Photo by Lex Valtenbergs | A close-up shot of a hypnotic pendant light made by John Gibbons, Matthew Gagliardi and Michelle Coehlo at Gibbons’ glass art shop in Eureka on Feb. 1

Gibbons hired a media assistant in April 2021 to vamp up his online presence. Makayla Sandifer worked in information technology before she found a niche in media production and picked up the job at Gibbons’ shop.

As a Black woman in a white and male-dominated field, Sandifer enjoys the opportunity to work in such a dynamic space that fosters her creativity.

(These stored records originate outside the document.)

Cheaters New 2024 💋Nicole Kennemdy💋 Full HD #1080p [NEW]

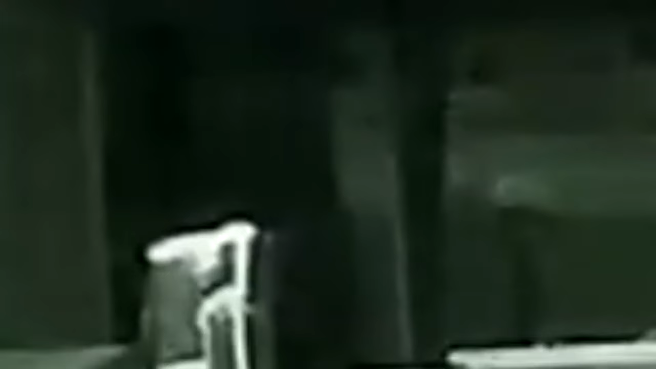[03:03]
Mobile units follow their mark until he arrives at an unknown apartment complex. Visual confirmation of the suspect, whose identity remains withheld,
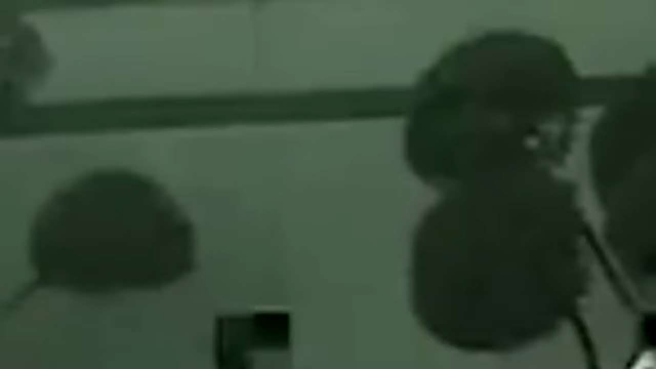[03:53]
Once the job is done, the suspect pays for the hand dry service and the couple return to her apartment complex.
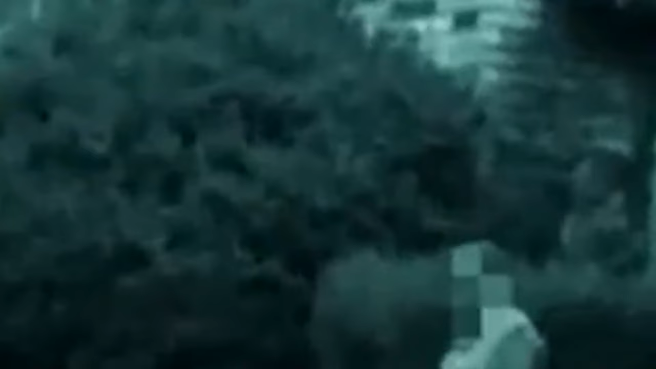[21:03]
A few hours into the investigation, PIs spot Greg's wife, identified only as Mrs. Voss, exiting her home.
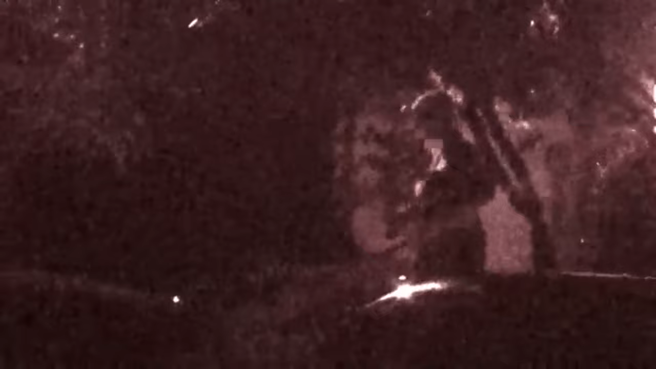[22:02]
Hours into their shift, agents spy the suspect exiting her home and again departing in her SUV. Mobile units follow the suspect to a dingy little dive bar.
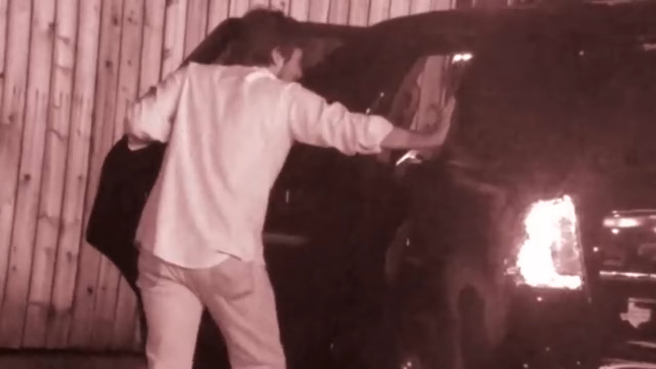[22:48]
The clandestine couple climb into the back seat of Mrs.
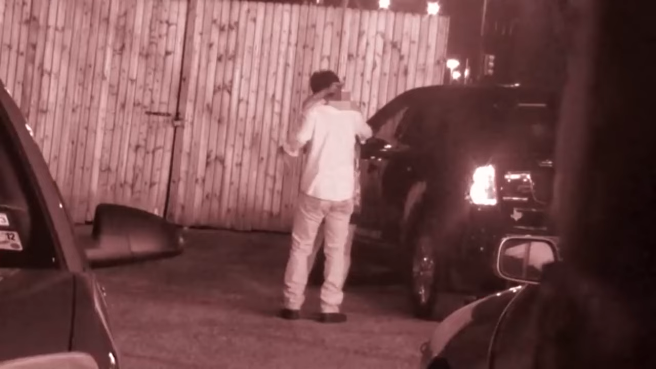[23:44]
Smiling broadly, Mrs. Voss hugs her beau, sends him on his way back into the bar, while she returns home for the night.
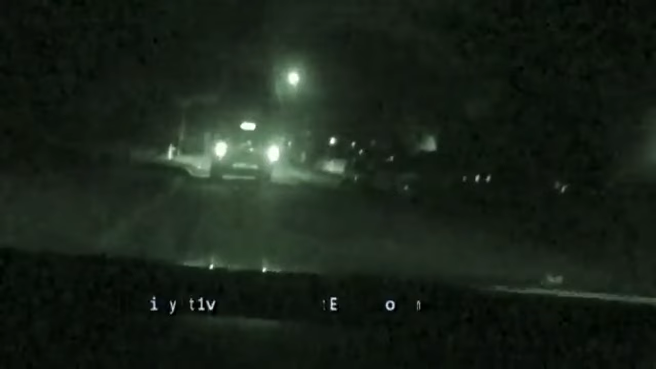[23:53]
Investigation Day 8. Remaining stationed outside the Voss residence, Cheaters PIs are surprised when they spot companion Sims pulling up to the curb.
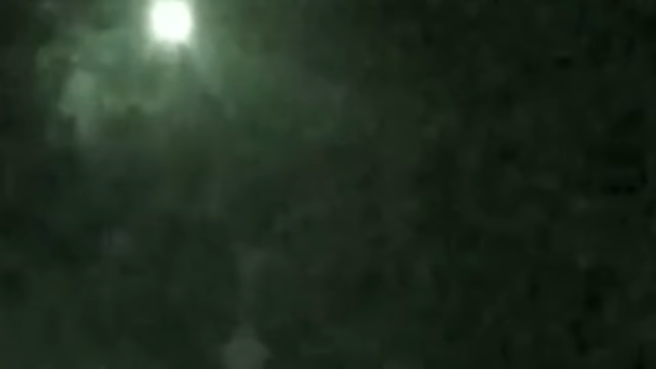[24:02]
Sims exits his car and knocks on the front door. Interior cameras, placed earlier by Greg, capture Mrs.
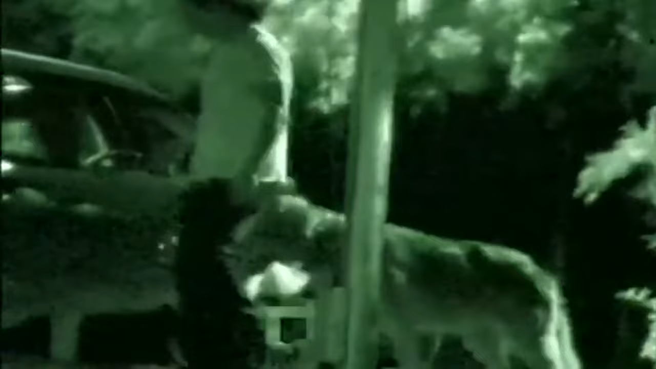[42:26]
Investigation day five. Mobile units keep close tabs on their mark as he leaves his home for the evening.
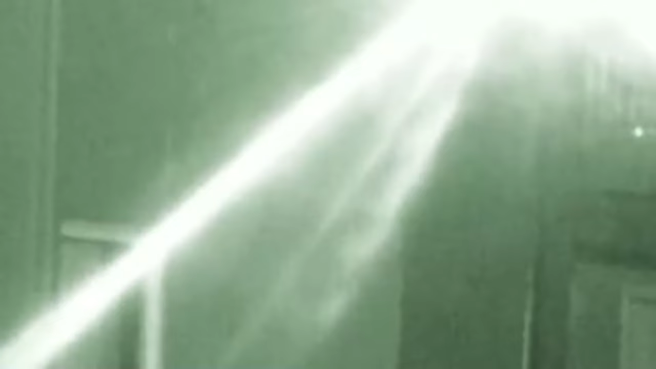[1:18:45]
Cheaters investigators stake out the suspect in Crystal's home.
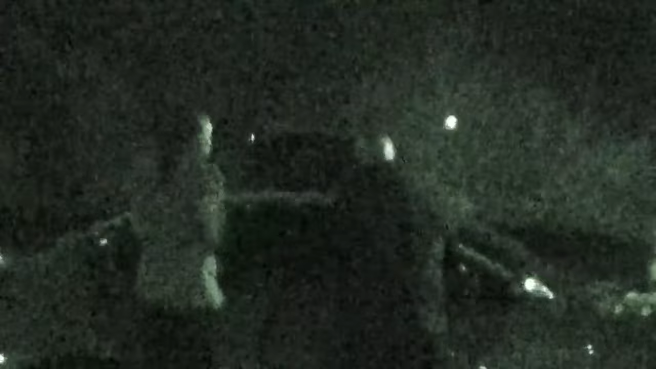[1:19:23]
During their wait, Cameron proves Crystal's distrust by playfully caressing Hannigan's locks. A few hours later, the suspect and his date return to his ride.
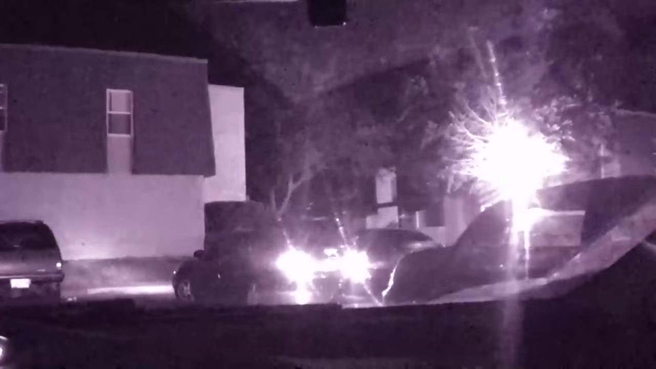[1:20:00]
As with previous days, cheater's detectives continue their watch of Crystal and Cameron's residence.
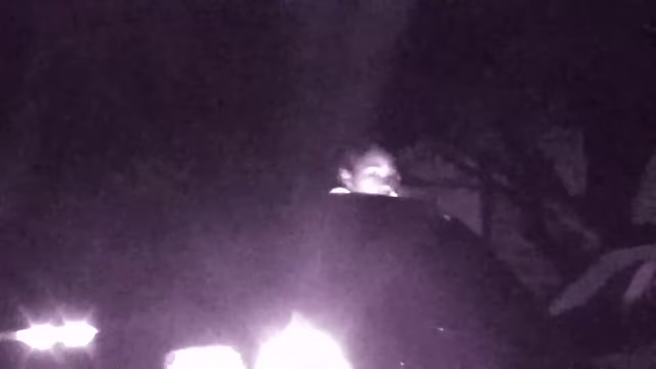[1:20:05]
The suspect leaves and dashes to his clandestine flame's residence. Hannigan gets into Cameron's vehicle.
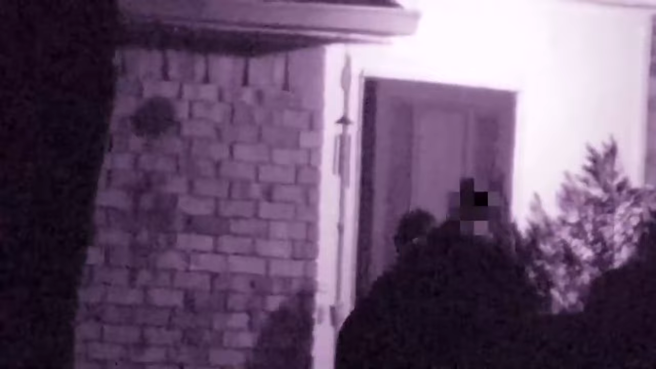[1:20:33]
And the suspect returns his sultry charge back to her home.
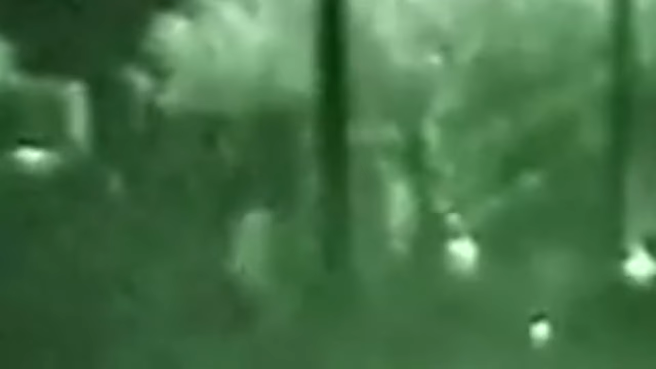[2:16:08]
Then he returns to his car and heads home for the evening. Investigation Day 5.
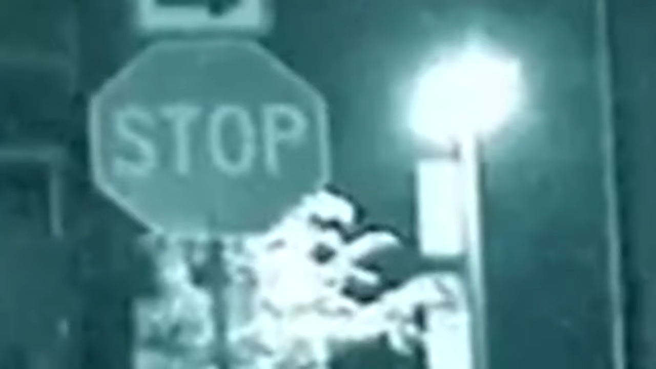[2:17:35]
Cheaters agents remain outside of the suspect's place of employment.
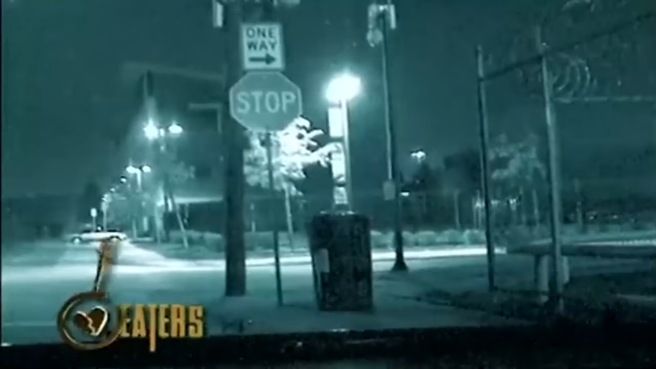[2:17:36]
At the end of the shift, Courtney leaves in his car and is followed to the same location that began this investigation.
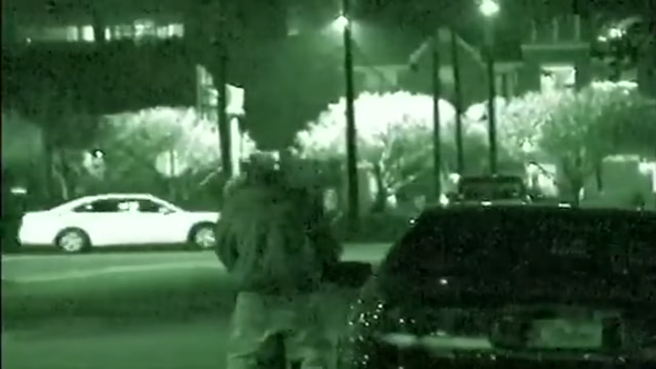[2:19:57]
They greet each other, and they both get into your boyfriend's car. They remain there for an extended period of time before she gets out.
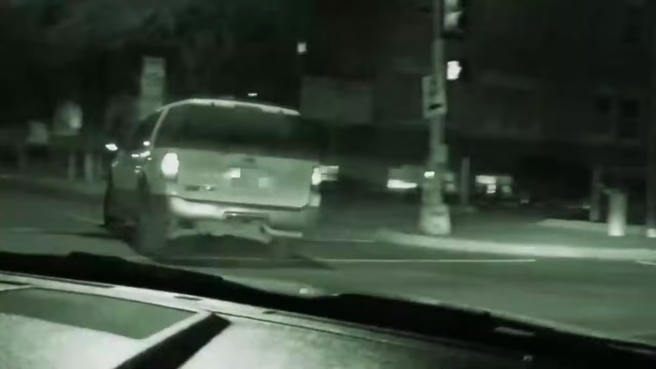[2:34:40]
As Leo turns back to his domicile, Peterson heads home to a disheartened Eli.
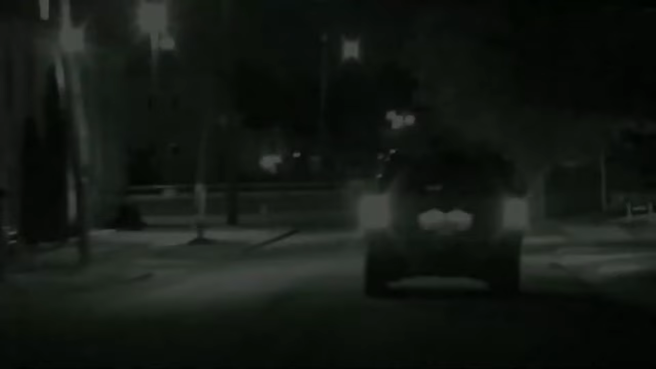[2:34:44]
Once again, the cheater's team follows Peterson from her job. The suspect pulls up in front of her companion's apartment. Leo steps out of the shadows and joins her in the vehicle. The illicit pair drive to a shopping center. As the two cross the parking lot, cheater's operators note the suspect holds hands with her secret boyfriend.
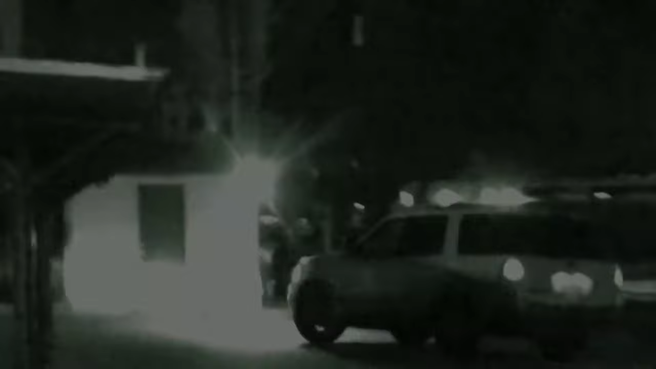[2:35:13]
Peterson and Leo enter a restaurant and grab a cozy table near an exit. A while later, Peterson and Leo gleefully leave the eatery.
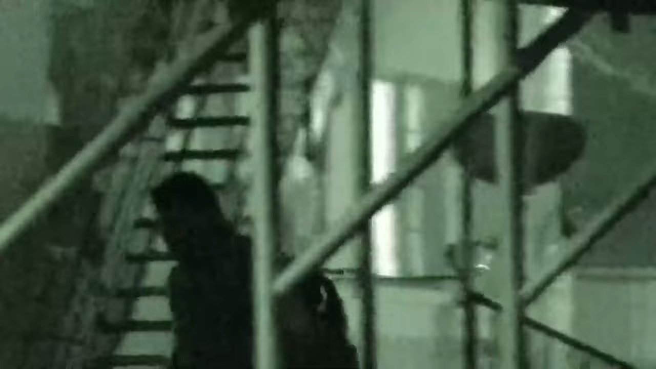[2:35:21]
Shadowed by the cheater's mobile unit, the sneaky couple return to Leo's apartment.
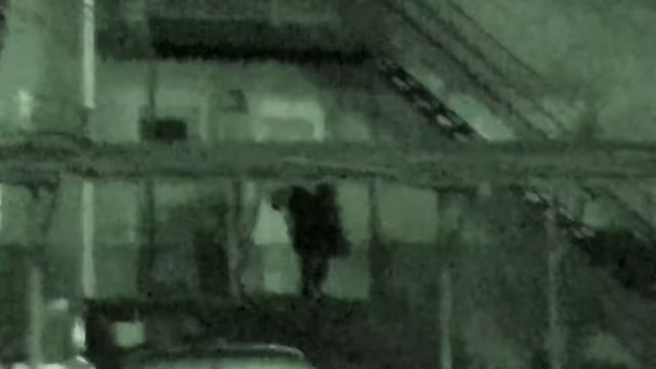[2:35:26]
Both suspect and companion go inside.
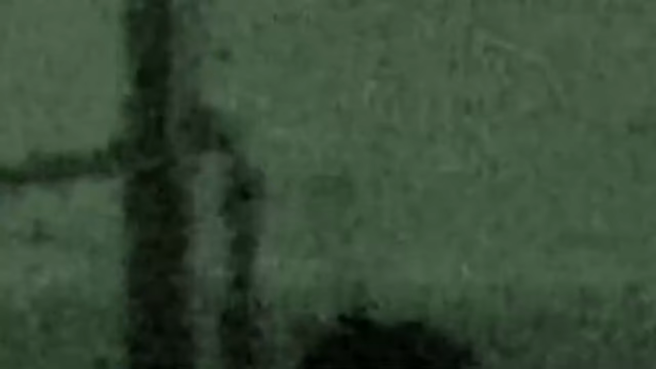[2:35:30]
The cheater's team waits hours before spotting Peterson coming out of the apartment alone.

“It’s honestly awesome,” Sandifer said. “It allows me to bring diversity to spaces that didn’t have it previously and to reflect that in my work. It’s super gratifying.”

The product photos that Sandifer takes for Gibbons’ Etsy profile do justice to his vibrant glass art pieces. Whimsical starfish vases, turtles with bubbles of glass trapped inside their shells, and light fixtures adorned with alluring spiral patterns boggle the mind with their complexity, vibrant colors, and otherworldly beauty.